For Adrien Brochot, Endpoint Security Product Leader at Stormshield, banning USB sticks is not a good idea. In addition to missing out on a convenient way of exchanging data in companies with segmented networks, “USB sticks can also function as an alert system”. When a monitoring software program detects that a drive is no longer reliable, it serves as an alert of a potential cyberattack in progress.
In addition, setting up a generalised network can also allow cyberattacks to spread faster within a company once the first line of defence is breached. It is difficult to avoid USB sticks in companies despite the related security problems, and it’s too risky to switch to an all-network approach despite the appeal of ease. But what if we didn’t have to choose? What if we could find the right protection tools for both devices and networks?

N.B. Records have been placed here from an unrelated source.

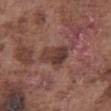The lesion was tiled from a total-body skin photograph and was not biopsied. The subject is a male in their mid-70s. From the front of the torso. The tile uses white-light illumination. A region of skin cropped from a whole-body photographic capture, roughly 15 mm wide. Measured at roughly 4 mm in maximum diameter.
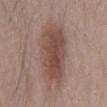Recorded during total-body skin imaging; not selected for excision or biopsy. This is a white-light tile. On the mid back. The subject is a male approximately 45 years of age. A roughly 15 mm field-of-view crop from a total-body skin photograph.
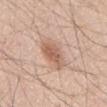| field | value |
|---|---|
| follow-up | catalogued during a skin exam; not biopsied |
| patient | male, aged 43 to 47 |
| image source | total-body-photography crop, ~15 mm field of view |
| anatomic site | the abdomen |
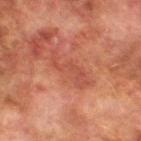follow-up — catalogued during a skin exam; not biopsied | TBP lesion metrics — a lesion area of about 6.5 mm² and an eccentricity of roughly 0.95; a classifier nevus-likeness of about 0/100 and a lesion-detection confidence of about 100/100 | acquisition — 15 mm crop, total-body photography | body site — the left lower leg | lighting — cross-polarized | lesion size — ~5.5 mm (longest diameter) | subject — male, roughly 75 years of age.
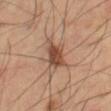Assessment: No biopsy was performed on this lesion — it was imaged during a full skin examination and was not determined to be concerning. Clinical summary: The patient is a male approximately 65 years of age. Longest diameter approximately 4 mm. A 15 mm close-up tile from a total-body photography series done for melanoma screening. The lesion is on the leg.
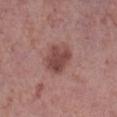biopsy status: total-body-photography surveillance lesion; no biopsy
subject: female, about 40 years old
acquisition: 15 mm crop, total-body photography
body site: the right lower leg
lighting: white-light illumination
size: ~4 mm (longest diameter)
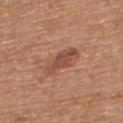<case>
<biopsy_status>not biopsied; imaged during a skin examination</biopsy_status>
<site>back</site>
<automated_metrics>
  <area_mm2_approx>8.0</area_mm2_approx>
  <eccentricity>0.9</eccentricity>
  <shape_asymmetry>0.2</shape_asymmetry>
  <vs_skin_darker_L>10.0</vs_skin_darker_L>
  <vs_skin_contrast_norm>7.0</vs_skin_contrast_norm>
  <border_irregularity_0_10>3.0</border_irregularity_0_10>
  <color_variation_0_10>3.0</color_variation_0_10>
  <peripheral_color_asymmetry>1.0</peripheral_color_asymmetry>
  <nevus_likeness_0_100>55</nevus_likeness_0_100>
  <lesion_detection_confidence_0_100>100</lesion_detection_confidence_0_100>
</automated_metrics>
<image>
  <source>total-body photography crop</source>
  <field_of_view_mm>15</field_of_view_mm>
</image>
<lighting>white-light</lighting>
<patient>
  <sex>male</sex>
  <age_approx>70</age_approx>
</patient>
</case>
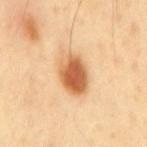Clinical impression: Captured during whole-body skin photography for melanoma surveillance; the lesion was not biopsied. Clinical summary: The subject is a male in their 40s. Cropped from a whole-body photographic skin survey; the tile spans about 15 mm. Located on the mid back. Longest diameter approximately 5 mm. An algorithmic analysis of the crop reported a lesion area of about 13 mm², an eccentricity of roughly 0.8, and a symmetry-axis asymmetry near 0.1. And it measured a mean CIELAB color near L≈64 a*≈24 b*≈41, roughly 16 lightness units darker than nearby skin, and a normalized border contrast of about 9.5.
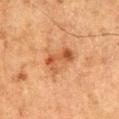<tbp_lesion>
<biopsy_status>not biopsied; imaged during a skin examination</biopsy_status>
<automated_metrics>
  <area_mm2_approx>7.5</area_mm2_approx>
  <eccentricity>0.85</eccentricity>
  <shape_asymmetry>0.3</shape_asymmetry>
  <cielab_L>45</cielab_L>
  <cielab_a>23</cielab_a>
  <cielab_b>34</cielab_b>
  <vs_skin_contrast_norm>7.0</vs_skin_contrast_norm>
  <border_irregularity_0_10>4.0</border_irregularity_0_10>
  <color_variation_0_10>6.0</color_variation_0_10>
  <peripheral_color_asymmetry>2.0</peripheral_color_asymmetry>
  <nevus_likeness_0_100>20</nevus_likeness_0_100>
  <lesion_detection_confidence_0_100>100</lesion_detection_confidence_0_100>
</automated_metrics>
<lighting>cross-polarized</lighting>
<lesion_size>
  <long_diameter_mm_approx>4.0</long_diameter_mm_approx>
</lesion_size>
<patient>
  <sex>male</sex>
  <age_approx>75</age_approx>
</patient>
<image>
  <source>total-body photography crop</source>
  <field_of_view_mm>15</field_of_view_mm>
</image>
<site>leg</site>
</tbp_lesion>
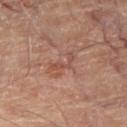* biopsy status: catalogued during a skin exam; not biopsied
* image source: 15 mm crop, total-body photography
* subject: male, in their 70s
* automated lesion analysis: an average lesion color of about L≈48 a*≈23 b*≈26 (CIELAB), a lesion–skin lightness drop of about 7, and a lesion-to-skin contrast of about 5 (normalized; higher = more distinct)
* size: about 3.5 mm
* tile lighting: cross-polarized illumination
* body site: the leg
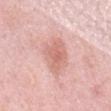Findings:
– workup · no biopsy performed (imaged during a skin exam)
– location · the abdomen
– image source · ~15 mm tile from a whole-body skin photo
– patient · male, aged approximately 55
– illumination · white-light illumination
– TBP lesion metrics · a lesion area of about 12 mm² and a symmetry-axis asymmetry near 0.25; an average lesion color of about L≈66 a*≈24 b*≈26 (CIELAB), a lesion–skin lightness drop of about 9, and a normalized border contrast of about 6; internal color variation of about 2.5 on a 0–10 scale and peripheral color asymmetry of about 0.5

Using keys to combat human error
The biggest risk comes primarily from users. If a USB stick stays inside the same network of computers, all is well. However, this is rarely the case. It might seem insignificant, but an employee who transfers photos from his home computer onto a USB stick to then show colleagues at work can be very dangerous. The danger is that the device becomes infected from an external PC with inadequate defences: in general, viruses attack computers with the least protection. The infamous Stuxnet virus that infiltrated an Iranian nuclear power plant in 2010 originated from a USB stick used by one of the engineers on his home computer.
In such situations, the countermove consists in using USB sticks and having a software program scan to track the movements of a stick within a fleet of computers. The approach is the same if a user deliberately inserts an infected stick. The stick is first inserted into an antivirus terminal, completely separate from any computer, which runs full analyses. This in turn generates a notion of trust. Once the stick has been scanned by the antivirus terminal, it can be used inside the computer network and the user can check that no files have been modified externally. However, as soon as data is transferred from a computer that does not have the tracking software installed, the trust is broken and the stick must be reanalysed by the antivirus terminal. The tracking software can easily be installed on a personal computer, so the approach is not as restrictive as it may appear.

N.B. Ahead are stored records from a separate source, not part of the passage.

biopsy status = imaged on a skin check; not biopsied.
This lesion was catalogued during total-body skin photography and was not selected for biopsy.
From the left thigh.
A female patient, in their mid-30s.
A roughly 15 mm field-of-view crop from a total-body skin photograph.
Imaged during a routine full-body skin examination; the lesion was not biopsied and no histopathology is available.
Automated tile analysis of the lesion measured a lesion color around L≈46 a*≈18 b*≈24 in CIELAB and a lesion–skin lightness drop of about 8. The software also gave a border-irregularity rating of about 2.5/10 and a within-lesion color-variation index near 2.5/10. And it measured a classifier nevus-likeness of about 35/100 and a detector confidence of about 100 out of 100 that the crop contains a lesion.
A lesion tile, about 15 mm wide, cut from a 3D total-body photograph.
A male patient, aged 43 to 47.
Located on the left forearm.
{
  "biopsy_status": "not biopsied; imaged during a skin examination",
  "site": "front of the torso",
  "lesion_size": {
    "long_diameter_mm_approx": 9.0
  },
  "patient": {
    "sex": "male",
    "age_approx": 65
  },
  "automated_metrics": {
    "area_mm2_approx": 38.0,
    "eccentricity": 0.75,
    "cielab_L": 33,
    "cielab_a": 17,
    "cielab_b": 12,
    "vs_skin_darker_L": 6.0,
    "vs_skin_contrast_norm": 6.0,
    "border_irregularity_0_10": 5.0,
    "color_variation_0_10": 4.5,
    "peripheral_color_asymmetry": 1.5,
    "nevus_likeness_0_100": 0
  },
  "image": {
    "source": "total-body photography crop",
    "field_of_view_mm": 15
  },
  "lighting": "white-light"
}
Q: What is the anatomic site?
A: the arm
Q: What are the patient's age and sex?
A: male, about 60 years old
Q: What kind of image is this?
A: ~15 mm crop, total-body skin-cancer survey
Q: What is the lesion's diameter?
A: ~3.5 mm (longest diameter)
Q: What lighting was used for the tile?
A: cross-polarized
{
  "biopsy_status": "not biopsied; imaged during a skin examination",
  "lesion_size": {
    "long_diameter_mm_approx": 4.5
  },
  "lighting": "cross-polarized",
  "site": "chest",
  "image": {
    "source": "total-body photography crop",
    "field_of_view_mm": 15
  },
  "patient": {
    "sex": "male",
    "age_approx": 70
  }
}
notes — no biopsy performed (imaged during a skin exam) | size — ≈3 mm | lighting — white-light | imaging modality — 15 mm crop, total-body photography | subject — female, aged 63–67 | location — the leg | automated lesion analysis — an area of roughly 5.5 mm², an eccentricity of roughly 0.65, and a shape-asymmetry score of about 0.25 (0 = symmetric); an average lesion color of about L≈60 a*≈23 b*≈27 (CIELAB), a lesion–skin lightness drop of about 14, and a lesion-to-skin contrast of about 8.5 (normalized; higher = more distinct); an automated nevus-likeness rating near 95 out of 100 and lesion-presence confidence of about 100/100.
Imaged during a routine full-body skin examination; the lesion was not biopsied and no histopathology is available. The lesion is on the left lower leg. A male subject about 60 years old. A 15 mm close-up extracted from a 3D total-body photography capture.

The role of behavioural analysis
The Stormshield Endpoint Security solution is another form of defence for user terminals. Designed to detect any attempt to take advantage of vulnerabilities and using resource control rules, it is able to block processes whose behaviour is malicious or altered by an attacker. If an infected USB stick enters the computer network, the erratic behaviour of the software that ensues is immediately identified. This protection technique, known as a Host Intrusion Prevention System, or HIPS, is able to block the attack.

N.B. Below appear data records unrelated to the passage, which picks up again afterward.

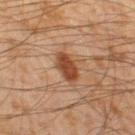tile lighting — cross-polarized illumination
patient — male, approximately 45 years of age
location — the left thigh
TBP lesion metrics — an area of roughly 6.5 mm², an outline eccentricity of about 0.75 (0 = round, 1 = elongated), and a shape-asymmetry score of about 0.2 (0 = symmetric); a mean CIELAB color near L≈37 a*≈20 b*≈28, a lesion–skin lightness drop of about 11, and a lesion-to-skin contrast of about 9.5 (normalized; higher = more distinct); a border-irregularity index near 2/10, internal color variation of about 2.5 on a 0–10 scale, and radial color variation of about 1; an automated nevus-likeness rating near 95 out of 100 and a lesion-detection confidence of about 100/100
image — ~15 mm tile from a whole-body skin photo
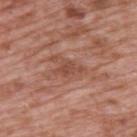This lesion was catalogued during total-body skin photography and was not selected for biopsy. The subject is a male aged around 70. Imaged with white-light lighting. Longest diameter approximately 3.5 mm. A lesion tile, about 15 mm wide, cut from a 3D total-body photograph. Automated image analysis of the tile measured a footprint of about 4.5 mm² and a symmetry-axis asymmetry near 0.35. The analysis additionally found about 8 CIELAB-L* units darker than the surrounding skin and a lesion-to-skin contrast of about 6 (normalized; higher = more distinct). The software also gave a nevus-likeness score of about 0/100 and a lesion-detection confidence of about 70/100. From the back.
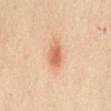illumination = cross-polarized illumination
lesion diameter = ≈3.5 mm
acquisition = 15 mm crop, total-body photography
patient = female, roughly 40 years of age
site = the chest
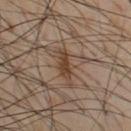workup: no biopsy performed (imaged during a skin exam)
imaging modality: 15 mm crop, total-body photography
illumination: cross-polarized
TBP lesion metrics: a lesion color around L≈42 a*≈16 b*≈28 in CIELAB, roughly 9 lightness units darker than nearby skin, and a lesion-to-skin contrast of about 8.5 (normalized; higher = more distinct); a nevus-likeness score of about 10/100 and a detector confidence of about 100 out of 100 that the crop contains a lesion
body site: the chest
size: ~4 mm (longest diameter)
patient: male, aged 53–57
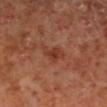Imaged during a routine full-body skin examination; the lesion was not biopsied and no histopathology is available. The recorded lesion diameter is about 3.5 mm. The lesion is located on the right lower leg. A lesion tile, about 15 mm wide, cut from a 3D total-body photograph. Imaged with cross-polarized lighting. The patient is a male roughly 60 years of age.
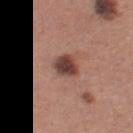Impression:
Part of a total-body skin-imaging series; this lesion was reviewed on a skin check and was not flagged for biopsy.
Acquisition and patient details:
A close-up tile cropped from a whole-body skin photograph, about 15 mm across. The subject is a female about 30 years old. Located on the left thigh.
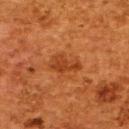The lesion was tiled from a total-body skin photograph and was not biopsied.
On the upper back.
The recorded lesion diameter is about 3.5 mm.
A 15 mm close-up tile from a total-body photography series done for melanoma screening.
The tile uses cross-polarized illumination.
A female patient, aged approximately 50.
The total-body-photography lesion software estimated a shape eccentricity near 0.85 and two-axis asymmetry of about 0.4. The software also gave a lesion color around L≈35 a*≈26 b*≈36 in CIELAB, roughly 7 lightness units darker than nearby skin, and a lesion-to-skin contrast of about 6.5 (normalized; higher = more distinct). The software also gave a within-lesion color-variation index near 2/10. The analysis additionally found an automated nevus-likeness rating near 65 out of 100 and a lesion-detection confidence of about 100/100.
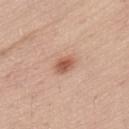Captured during whole-body skin photography for melanoma surveillance; the lesion was not biopsied. From the lower back. A male patient, roughly 55 years of age. A roughly 15 mm field-of-view crop from a total-body skin photograph.
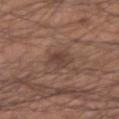This lesion was catalogued during total-body skin photography and was not selected for biopsy. The subject is a male aged around 55. Captured under white-light illumination. A lesion tile, about 15 mm wide, cut from a 3D total-body photograph. From the right forearm. Longest diameter approximately 3 mm. The total-body-photography lesion software estimated lesion-presence confidence of about 100/100.
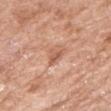Part of a total-body skin-imaging series; this lesion was reviewed on a skin check and was not flagged for biopsy. Cropped from a whole-body photographic skin survey; the tile spans about 15 mm. The subject is a female in their mid- to late 70s. The recorded lesion diameter is about 2.5 mm. On the right upper arm.
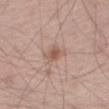Assessment: Captured during whole-body skin photography for melanoma surveillance; the lesion was not biopsied. Acquisition and patient details: A male patient approximately 60 years of age. An algorithmic analysis of the crop reported an eccentricity of roughly 0.7 and a symmetry-axis asymmetry near 0.3. It also reported a mean CIELAB color near L≈56 a*≈19 b*≈26, about 9 CIELAB-L* units darker than the surrounding skin, and a lesion-to-skin contrast of about 6.5 (normalized; higher = more distinct). The analysis additionally found a border-irregularity index near 3/10, a color-variation rating of about 1.5/10, and radial color variation of about 0.5. Imaged with white-light lighting. Cropped from a whole-body photographic skin survey; the tile spans about 15 mm. Longest diameter approximately 3 mm. The lesion is located on the right thigh.
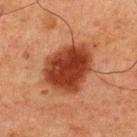{"biopsy_status": "not biopsied; imaged during a skin examination", "lighting": "cross-polarized", "image": {"source": "total-body photography crop", "field_of_view_mm": 15}, "lesion_size": {"long_diameter_mm_approx": 6.0}, "automated_metrics": {"area_mm2_approx": 24.0, "eccentricity": 0.6, "shape_asymmetry": 0.2, "color_variation_0_10": 4.0, "peripheral_color_asymmetry": 1.0, "lesion_detection_confidence_0_100": 100}, "site": "upper back", "patient": {"sex": "male", "age_approx": 60}}
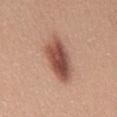<tbp_lesion>
<biopsy_status>not biopsied; imaged during a skin examination</biopsy_status>
<automated_metrics>
  <shape_asymmetry>0.15</shape_asymmetry>
  <border_irregularity_0_10>2.0</border_irregularity_0_10>
  <color_variation_0_10>7.5</color_variation_0_10>
  <peripheral_color_asymmetry>2.5</peripheral_color_asymmetry>
  <lesion_detection_confidence_0_100>100</lesion_detection_confidence_0_100>
</automated_metrics>
<image>
  <source>total-body photography crop</source>
  <field_of_view_mm>15</field_of_view_mm>
</image>
<patient>
  <sex>female</sex>
  <age_approx>35</age_approx>
</patient>
<lesion_size>
  <long_diameter_mm_approx>6.5</long_diameter_mm_approx>
</lesion_size>
<site>back</site>
</tbp_lesion>

However, it still needs some fine-tuning. HIPS sometimes have trouble blocking malicious activity when it consists of a succession of multiple actions that do not appear malicious individually. Endpoint Detection and Response (EDR) technology can extend and refine the detection of these cyberattacks. In the future, HIPS and EDR are likely to be used together and with enough protection of this type, there will be “no need to ban USB sticks,” concludes Genovese. “IBM’s idea of banning USB drives was primarily driven by concerns for their reputation, rather than cybersecurity. Can you imagine the damage that could be done if someone found a USB stick containing sensitive data from a company whose business is cybersecurity?”